Alexander, his finger firmly on the button, dived into action as the leading Messerschmitt opened fire on him and shells whizzed over his head. He dived, but was followed, dived again and then saw Dougie’s Spitfire edge up recklessly close to the Messerschmitt, until he was almost touching it, and empty his gun into the fuselage. The enemy plane’s cockpit covering flew off, a trail of smoke appeared from the fuselage, followed by a sheet of flame and it spiralled, blazing, towards the earth.
“Rather him than me,” Alexander muttered. “Thanks a million, Dougie. I owe you ...”
But at that moment another plane appeared out of the mêlée and made straight for Dougie, its cannon firing. Alexander saw Dougie’s plane bank sharply away as he tried to take evasive action. He swooped and turned but the enemy plane followed him as if the pilot was intent on avenging his comrade. There was another burst of cannon fire, the tail of Dougie’s plane flew off followed by a violent explosion and the craft, enveloped in a ball of flame, spiralled slowly downwards like a firework until it reached the earth where it showered into fragments.
Alexander swooped low to inspect the burning wreckage but no welcoming sight of a figure ran from it. In moments it was reduced to ashes. His eyes filled with tears. His heart burning with rage, he soared up into the skies again looking for the plane that had killed his friend.
The Messerschmitts were scattering.
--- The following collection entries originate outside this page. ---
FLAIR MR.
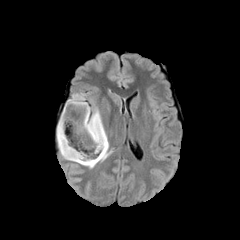
T1-weighted MR.
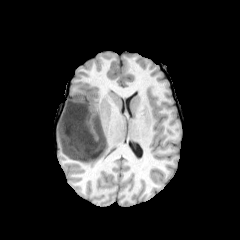
Post-contrast T1-weighted MR image.
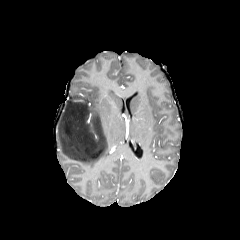
T2-weighted MR.
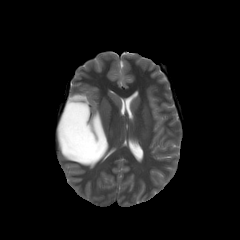
Image size 240x240
Edema: bounding box (left=56, top=93, right=109, bottom=168).
Non-enhancing tumor core: bounding box (left=57, top=94, right=106, bottom=161).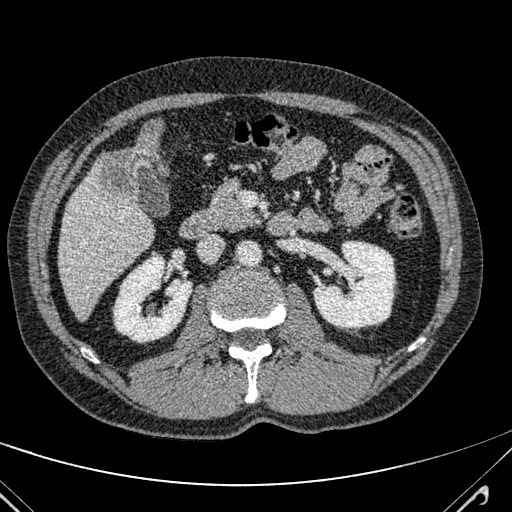
CT scan slice; Abdomen; Image size 512x512
Liver = (left=59, top=155, right=151, bottom=318).
Liver lesion = (left=98, top=121, right=166, bottom=195).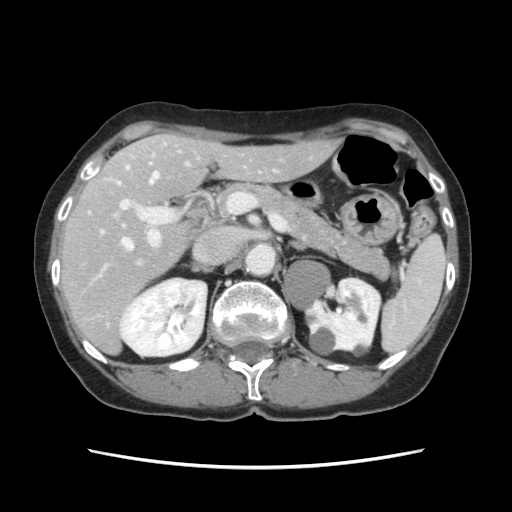 CT scan slice; Image size 512x512; Abdomen
Only some of the vessels may be annotated.
Hepatic vessel: 126,166,129,169; 122,238,132,249; 147,229,159,246; 120,201,125,208; 185,163,188,165; 149,172,157,183.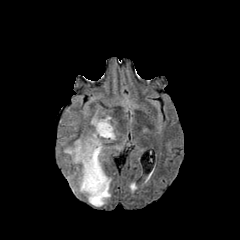
FLAIR MR.
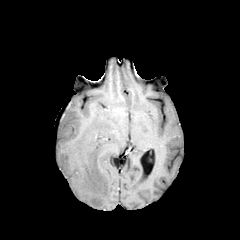
T1-weighted MR.
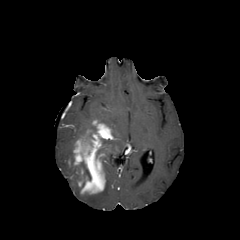
Same slice, post-contrast T1-weighted MR image.
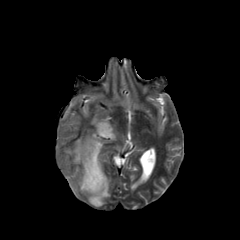
T2-weighted MR image of the same slice.
240x240 px, Brain
<segmentation>
  <enhancing_tumor>box=[73, 120, 112, 194]</enhancing_tumor>
  <non-enhancing_tumor_core>box=[80, 130, 95, 141]; box=[79, 167, 89, 180]</non-enhancing_tumor_core>
  <edema>box=[84, 171, 110, 206]; box=[64, 146, 85, 191]; box=[92, 115, 116, 159]</edema>
</segmentation>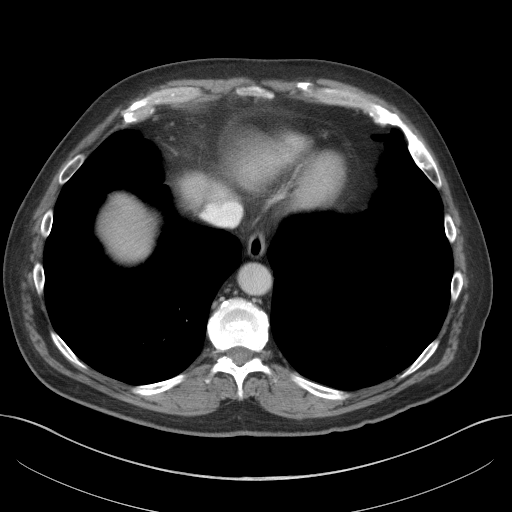

512x512 | CT image
The liver is bounded by bbox=[99, 195, 155, 263].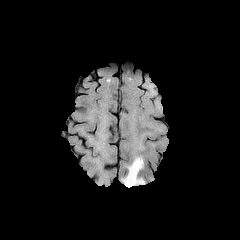
FLAIR MR image.
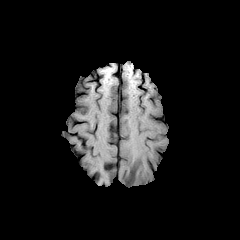
T1-weighted MR image.
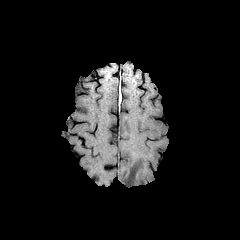
Same slice, post-contrast T1-weighted MR.
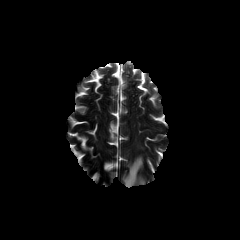
Same slice, T2-weighted MR.
Brain | 240x240 px
The edema is at [x1=123, y1=158, x2=144, y2=187].
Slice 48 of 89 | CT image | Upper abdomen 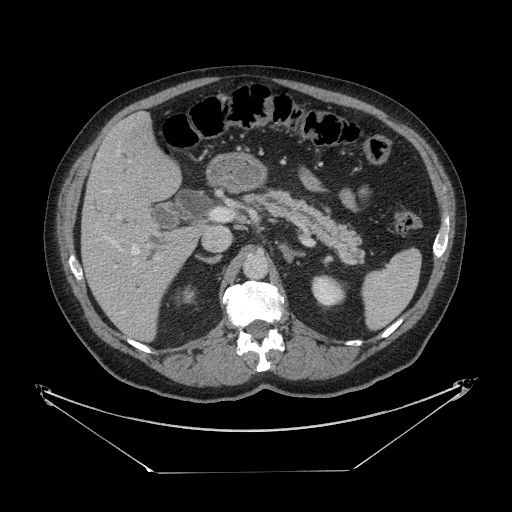
pancreas: (259, 192, 363, 263)
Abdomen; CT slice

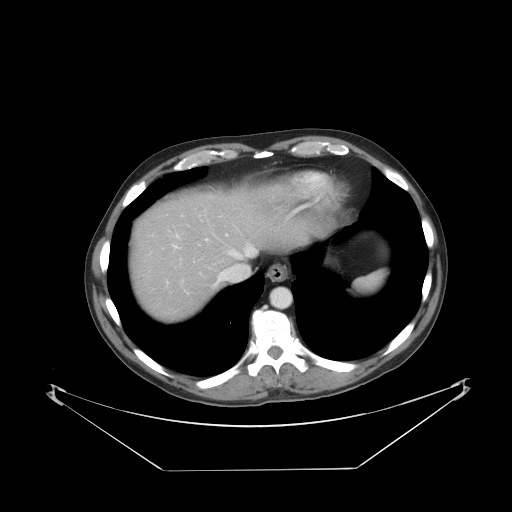

Not every hepatic vessel necessarily has a box.
9 hepatic vessel regions are located at 228,245,256,259; 172,244,179,250; 205,238,208,241; 216,275,220,283; 180,257,181,259; 181,281,183,282; 166,281,168,284; 199,272,201,274; 175,235,178,237.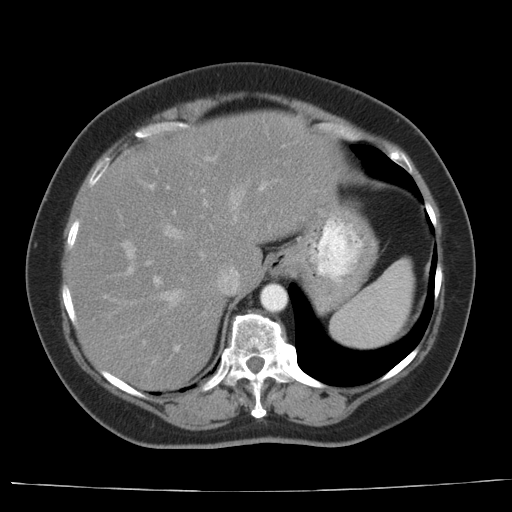

CT image; Abdomen
Some hepatic vessels may have no box.
8 hepatic vessel regions are located at <box>164,227,177,236</box>, <box>174,346,177,350</box>, <box>166,292,178,305</box>, <box>123,242,132,256</box>, <box>208,158,211,159</box>, <box>147,262,149,263</box>, <box>154,277,159,284</box>, <box>127,268,131,273</box>.
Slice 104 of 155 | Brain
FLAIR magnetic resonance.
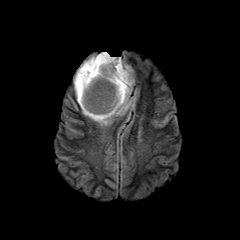
T1-weighted MRI.
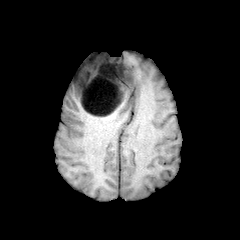
Post-contrast T1-weighted MR.
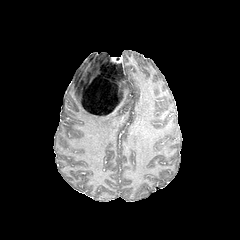
T2-weighted MR image.
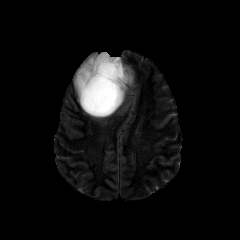
non-enhancing_tumor_core:
  - (82, 55, 130, 116)
enhancing_tumor:
  - (110, 57, 125, 67)
edema:
  - (73, 52, 134, 124)
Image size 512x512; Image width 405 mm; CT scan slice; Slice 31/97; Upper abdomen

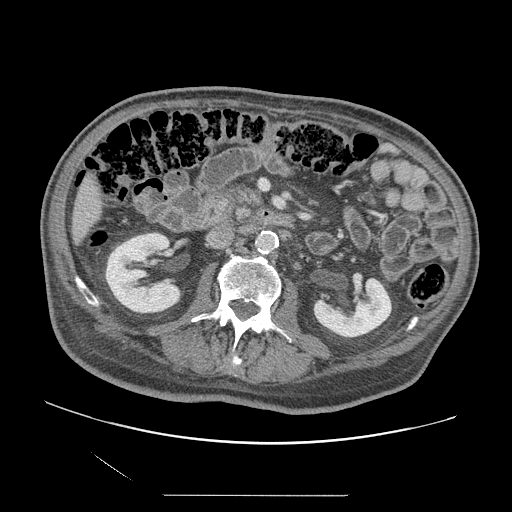

• pancreas: (226,183,265,209)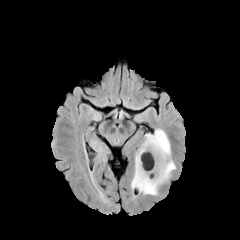
FLAIR MR image.
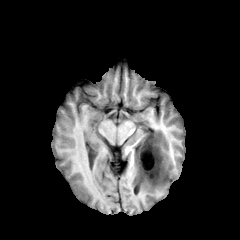
T1-weighted MR of the same slice.
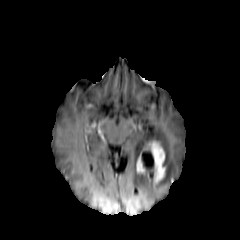
Same slice, post-contrast T1-weighted MR image.
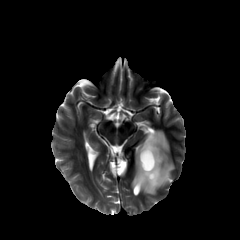
T2-weighted magnetic resonance.
Brain. Image size 240x240.
Edema at box=[131, 129, 175, 195].
Enhancing tumor at box=[136, 155, 144, 173]; box=[149, 141, 165, 185].
Non-enhancing tumor core at box=[143, 161, 154, 176]; box=[140, 144, 153, 159].
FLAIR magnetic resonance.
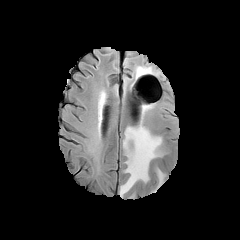
T1-weighted MR.
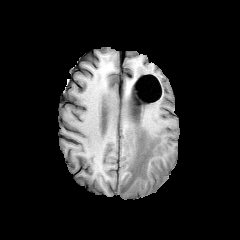
Post-contrast T1-weighted MR image.
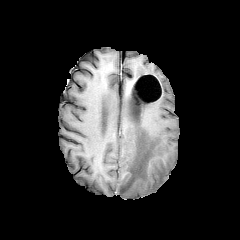
T2-weighted magnetic resonance.
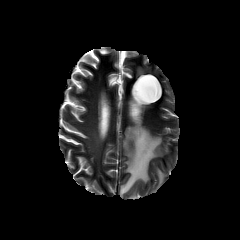
Non-enhancing tumor core: bounding box [133,162,141,173].
Edema: bounding box [136,67,148,76], [120,120,162,197], [158,170,163,185].
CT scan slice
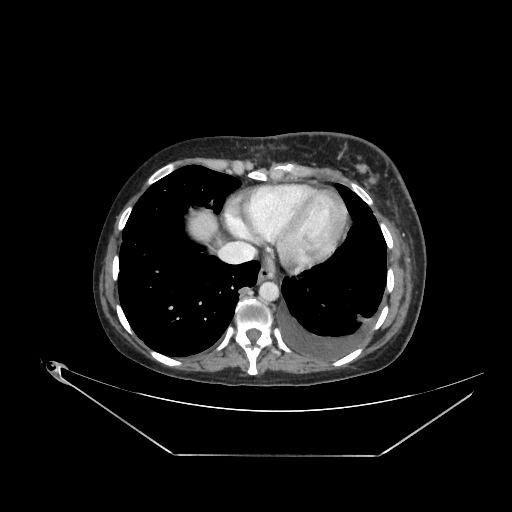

Only one remained in sight and it was limping. Dougie had at least managed to prang it before it got him.
Over his RT came the command to return to base but Alexander, ignoring it, turned and tore after the damaged Messerschmitt which was trying to limp across the Channel and return to the safety of its base in France. When he had it within his sights he emptied all his ammunition into it. Momentarily he got a close-up of the pilot’s face, rigid with fear, and then a sheet of flame engulfed the plane, a wing fell off and it rolled lopsidedly many times before diving into the sea. There was a mighty splash, a furious churning of the waves and suddenly all was still again.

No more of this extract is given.